When Europe’s highest court declared the Safe Harbour agreement invalid in October 2015, you could almost hear the collective gasp from U.S. companies conducting business in the European Union.
U.S. businesses have enjoyed nearly unfettered access to international consumers’ data for almost two decades, and the October ruling most certainly threw a wrench in that access. Now, the Privacy Shield aims to replace Safe Harbour, and is currently awaiting final approval from the Article 29 Working Party. Thus far, the Privacy Shield has elicited great criticism, as reviewers still feel it’s not strict enough. Compared to Safe Harbour, the final version is expected to be much tougher on enterprises.
The Privacy Shield
Despite its tepid review, the Privacy Shield is still an indicator that the global consumer data privacy regulations are constantly evolving, and that maintaining compliance is a challenge for many companies. Indeed, there has been a deluge of commentary bemoaning the collateral damage that new regulations introduce to global enterprises. For example, many brands whose core customer data management infrastructure is in the United States may be penalised for non-compliance with overseas regulations, as building data centers in various E.U. countries is extremely cost-prohibitive. Even migrating the data back to the European Union holds its own complexities.

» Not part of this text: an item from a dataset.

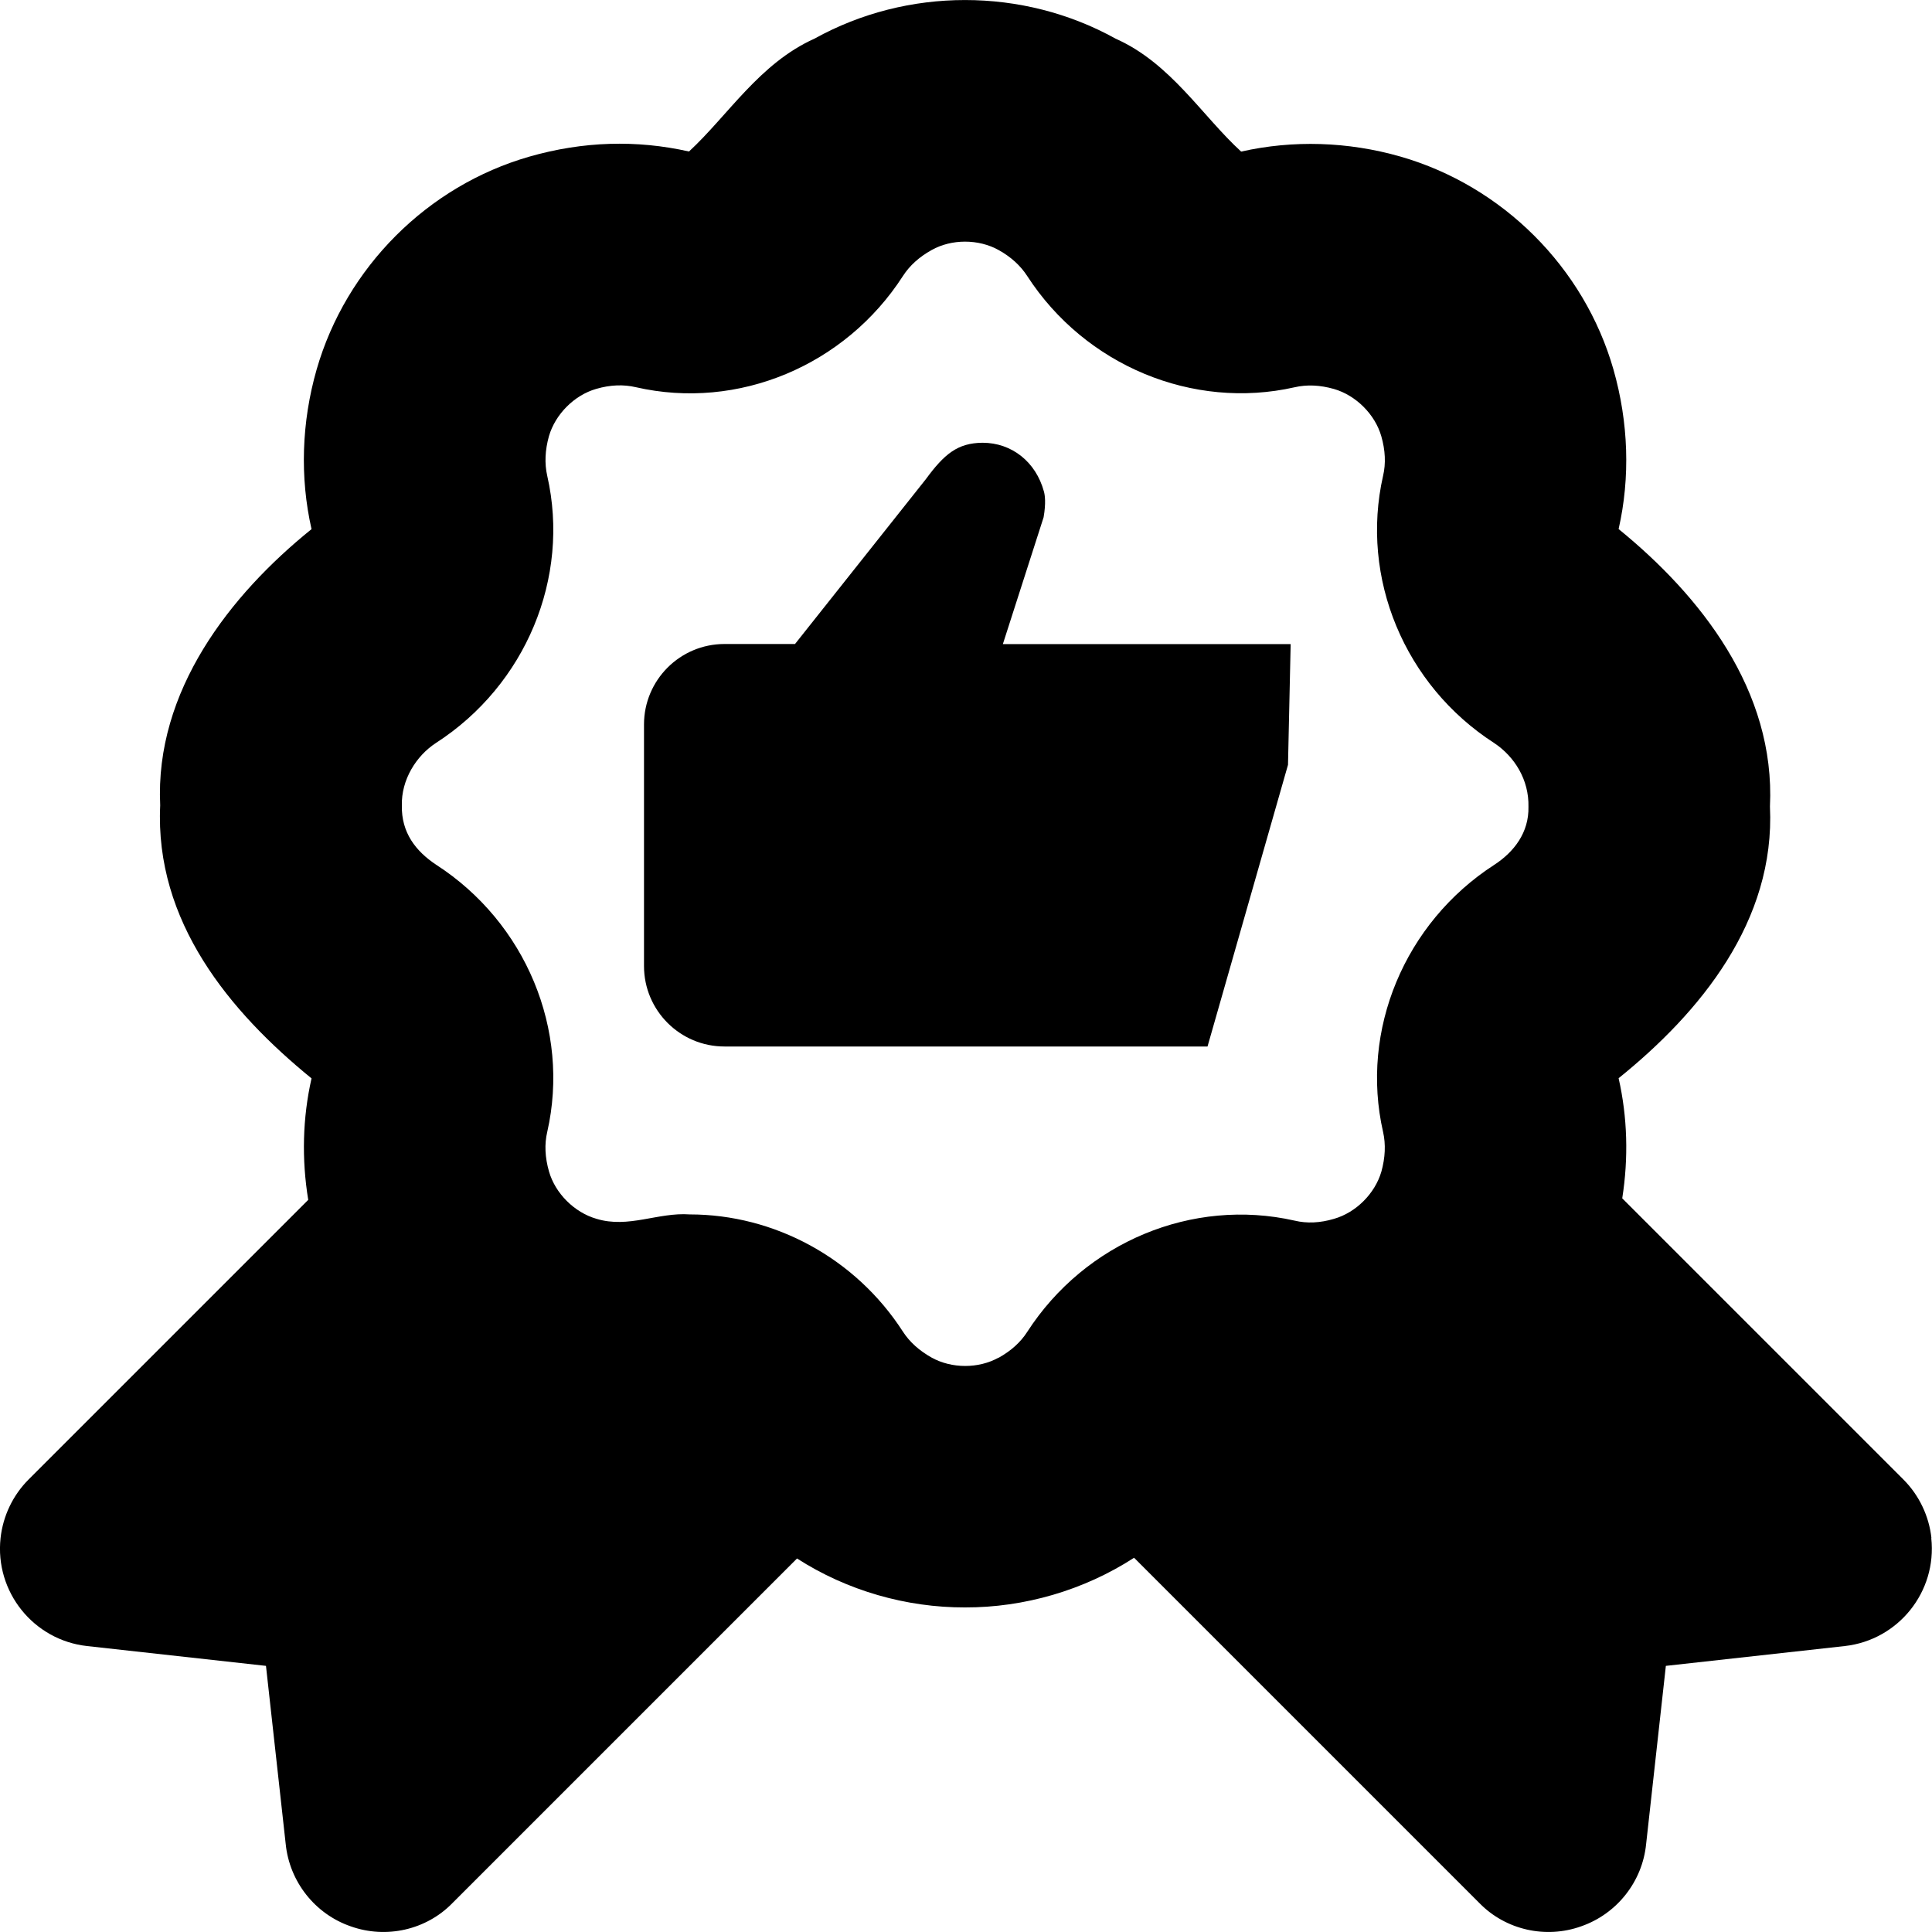 <svg data-name="Layer 1" xmlns="http://www.w3.org/2000/svg" viewBox="0 0 24 24" id="Layer_1"><path d="m15 13h-6c-.552 0-1-.448-1-1v-3c0-.552.448-1 1-1h.876l1.624-2.046c.231-.315.396-.451.705-.454.364 0 .663.238.763.606.012.043.027.141-.004.32l-.506 1.575h3.575l-.033 1.5-1 3.5zm8.993 6.106c-.03-.273-.153-.531-.346-.725l-3.495-3.495c.079-.5.065-1.008-.045-1.492 1.012-.816 1.948-1.951 1.88-3.375.069-1.441-.863-2.619-1.88-3.447.146-.642.123-1.327-.064-1.982-.363-1.268-1.377-2.28-2.646-2.645-.653-.187-1.336-.207-1.979-.062-.485-.443-.875-1.099-1.56-1.403-1.152-.639-2.586-.64-3.74 0-.681.305-1.072.951-1.559 1.402-.652-.147-1.317-.127-1.981.063-1.267.363-2.28 1.377-2.645 2.646-.187.653-.209 1.339-.063 1.982-1.011.815-1.948 2.01-1.88 3.431-.069 1.443.863 2.564 1.88 3.392-.111.489-.124 1.003-.041 1.509l-3.476 3.476c-.193.194-.316.451-.346.725-.073.667.409 1.269 1.076 1.342l2.221.246.245 2.212c.047.469.364.87.806 1.023.444.159.941.044 1.263-.286l4.283-4.283c.622.4 1.358.61 2.087.608.733.002 1.475-.212 2.1-.617l4.292 4.292c.323.33.82.445 1.263.286.442-.154.76-.554.806-1.023l.245-2.212 2.221-.246c.667-.074 1.149-.675 1.076-1.342zm-11.588-2.241c-.25.139-.583.137-.831 0-.154-.086-.274-.194-.357-.322-.592-.919-1.603-1.457-2.647-1.457-.396-.029-.762.177-1.162.054-.273-.079-.51-.315-.588-.587-.05-.174-.058-.34-.022-.492.288-1.266-.267-2.6-1.38-3.319-.255-.169-.433-.401-.426-.736-.008-.319.178-.617.424-.777 1.115-.719 1.67-2.053 1.382-3.318-.035-.154-.027-.32.021-.492.079-.273.315-.51.587-.588.174-.051.34-.057.493-.021 1.271.291 2.601-.269 3.318-1.382.083-.129.203-.237.356-.322.248-.139.582-.139.832 0 .153.085.272.193.357.325.72 1.111 2.057 1.665 3.319 1.38.155-.036.317-.028.49.021.273.079.51.315.588.587.05.174.058.34.022.492-.288 1.268.267 2.602 1.38 3.319.254.169.434.457.426.793.007.318-.178.56-.426.721-1.113.72-1.668 2.054-1.38 3.317.035.154.027.32-.021.493-.079.272-.315.509-.589.587-.171.051-.336.059-.489.022-1.269-.287-2.601.266-3.322 1.383-.082.128-.201.235-.355.321z"></path></svg>
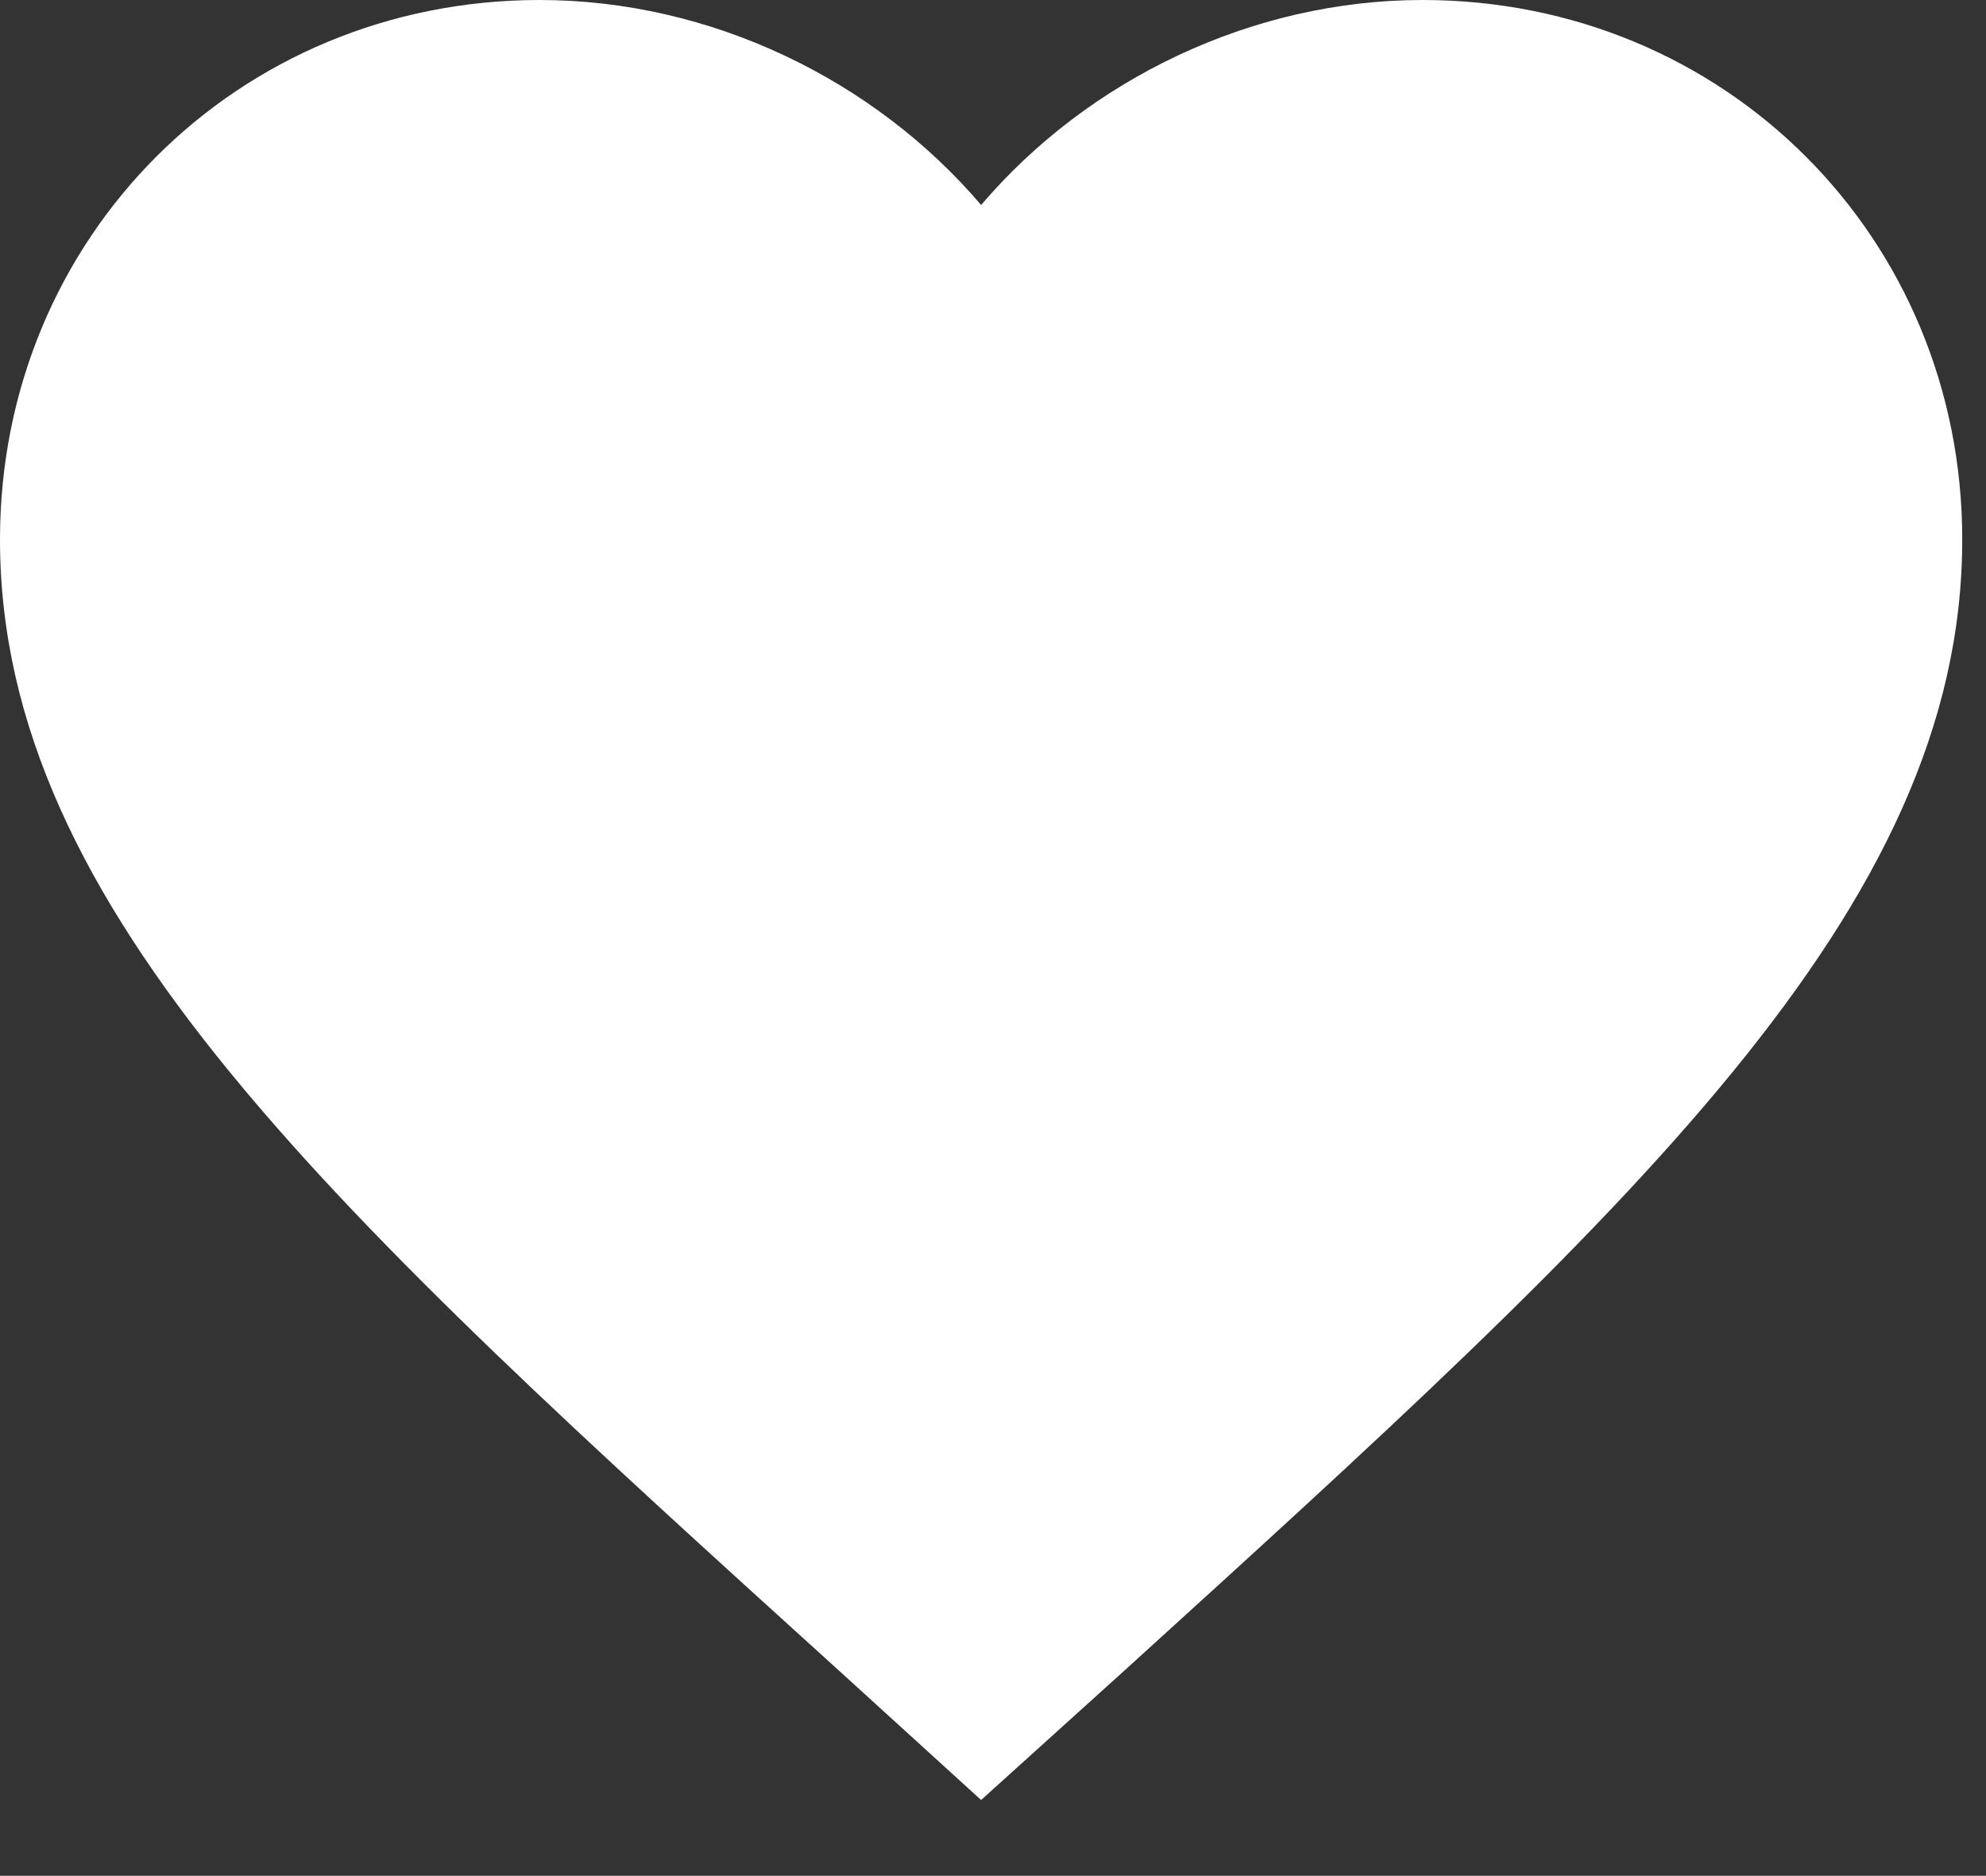 <?xml version="1.0" encoding="UTF-8"?> <svg xmlns="http://www.w3.org/2000/svg" width="452" height="427" viewBox="0 0 452 427" fill="none"><rect x="0" y="0" width="452" height="427" fill="#333333" stroke="none"/><path d="M223.296 409.749L190.92 380.273C75.922 275.995 0 207.219 0 122.813C0 54.038 54.038 0 122.813 0C161.666 0 198.958 18.087 223.296 46.668C247.637 18.087 284.926 0 323.779 0C392.554 0 446.592 54.038 446.592 122.813C446.592 207.219 370.673 275.995 255.675 380.496L223.296 409.749Z" fill="white"></path></svg>

While these are certainly valid concerns, there is some potential good that can come from the ruling. One is a renewed focus on customer privacy and security. In an ideal world, privacy would already have been systematically incorporated into every aspect of a business from day one. But digital transformation has changed everything, and many existing business systems cannot support today’s requirements for cross-region and cross-channel privacy.
In essence, the Privacy Shield forces businesses to take the steps necessary to safeguard and respect their customers’ privacy by ensuring that data is managed compliantly, is only used for initiatives that have been green-lit by consumers, and is captured with a clear value exchange in mind. The Privacy Shield also puts the burden on enterprises to ensure E.U. citizens’ data won’t make it into the hands of third parties outside the United States — a challenge, given enterprises typically work with multiple vendors across the globe. The good to come out of this, of course, is greater trust, confidence and loyalty in the long run among existing and potential customers.
New regulations also present an opportunity for businesses to cut capital expenditure. Under the original Safe Harbour framework, U.S. companies conducting business in the European Union followed a single, uniform set of privacy standards, and could transfer personal data about their E.U.-based customers back to U.S. servers they built and maintained themselves.
Now, enterprises have the opportunity to offload the costs associated with building and maintaining data center infrastructure to cloud-based vendors — and those who already have infrastructure in place in various overseas regions. This means consumer data is stored and handled according to the rules and regulations of the country in which it resides. Using cloud-based data management infrastructure that comprises several international data centers allows for data localisation while still providing enterprises with a single, holistic view of their respective customer bases. It also makes ongoing compliance much easier should regulations continue to evolve, as the burden falls to vendors rather than brands.
With the Privacy Shield on the table — and change imminent — U.S. businesses are consumed with figuring out their next steps. The smartest companies will adopt a nimble compliance strategy that is agile enough to store and protect customer data according to regional specifications, while still securely sharing the data with the global enterprise. Those that can’t evolve with the new regulations will find it difficult to continue doing business overseas.
It’s true that the Safe Harbour invalidation — and its much stricter successor, the Privacy Shield — presents a huge bump in the road for U.S. companies. But it’s also forced some changes that are a long time coming, and that yield significant benefits. Making consumer privacy a top concern for today’s international businesses will pay off in spades with customer trust and loyalty; and embracing new infrastructures and technologies that will support evolving requirements will drive down capital expenditure. With these as guaranteed benefits, maybe regulations should have changed long ago.